微尺度CSP焊点温振耦合应力应变有限元分析

Finite-element analysis for temperature-vibration coupled stress and strain of a microscale CSP solder joint

建立了微尺度芯片尺寸封装(CSP)焊点三维有限元分析模型,对模型进行了热结构耦合分析和温振耦合分析,获得了微尺度CSP焊点应力应变分布结果;对比分析了微尺度CSP焊点与常规尺寸CSP焊点的应力应变分布;分析了不同焊料、焊盘直径和焊点体积对微尺度CSP焊点应力应变的影响。结果表明:温振耦合条件下,微尺度CSP焊点内应力应大于常规尺寸CSP焊点应力应变;在SAC305、SAC387、63Sn37Pb、62Sn36Pb2Ag四种焊点材料中采用SAC387的焊点最大应力最大;焊点最大直径由105μm减小至80μm时,微尺度CSP焊点内应力应变呈现出减小的趋势;焊盘直径由80μm减小至60μm时,微尺度焊点内应力应变呈现出增大的趋势。
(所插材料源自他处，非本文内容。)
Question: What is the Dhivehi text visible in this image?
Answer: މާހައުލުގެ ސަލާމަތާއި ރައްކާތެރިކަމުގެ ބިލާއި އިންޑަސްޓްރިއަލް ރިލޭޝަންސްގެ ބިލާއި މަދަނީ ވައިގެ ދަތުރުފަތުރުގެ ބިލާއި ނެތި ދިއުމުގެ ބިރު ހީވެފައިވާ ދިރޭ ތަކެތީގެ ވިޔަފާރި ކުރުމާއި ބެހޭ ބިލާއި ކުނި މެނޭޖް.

3 D finite element analysis models for micro-scale chip scale package（ CSP） solder joints were established. According to the thermal-structural coupling analysis,temperature-vibration coupled analyses were done for models. Stress and strain distributions of micro-scale CSP solder joints were obtained. Stress and strain distributions of micro-scale CSP solder joints were compared with those of conventional scale CSP solder joints. Effects of different solder materials,pad diameter and solder joint volume on stress and strain of micro-scale CSP solder joints were analyzed. The results showed that stress and strain of micro-scale CSP solder joints are larger than those of conventional-scale CSP solder joints under the temperature-vibration coupled condition; The maximum stress of solder joint using material SAC387 is larger than that using material SAC305,63 Sn37 Pb and 62 Sn36 Pb2 Ag,respectively; when the maximum diameter of solder joint decreases from 105 μm to 80 μm,stress and strain of micro-scale CSP solder joints gradually decrease; when pad diameter decreases from 80 μm to 60 μm,stress and strain of micro-scale solder joints gradually increase.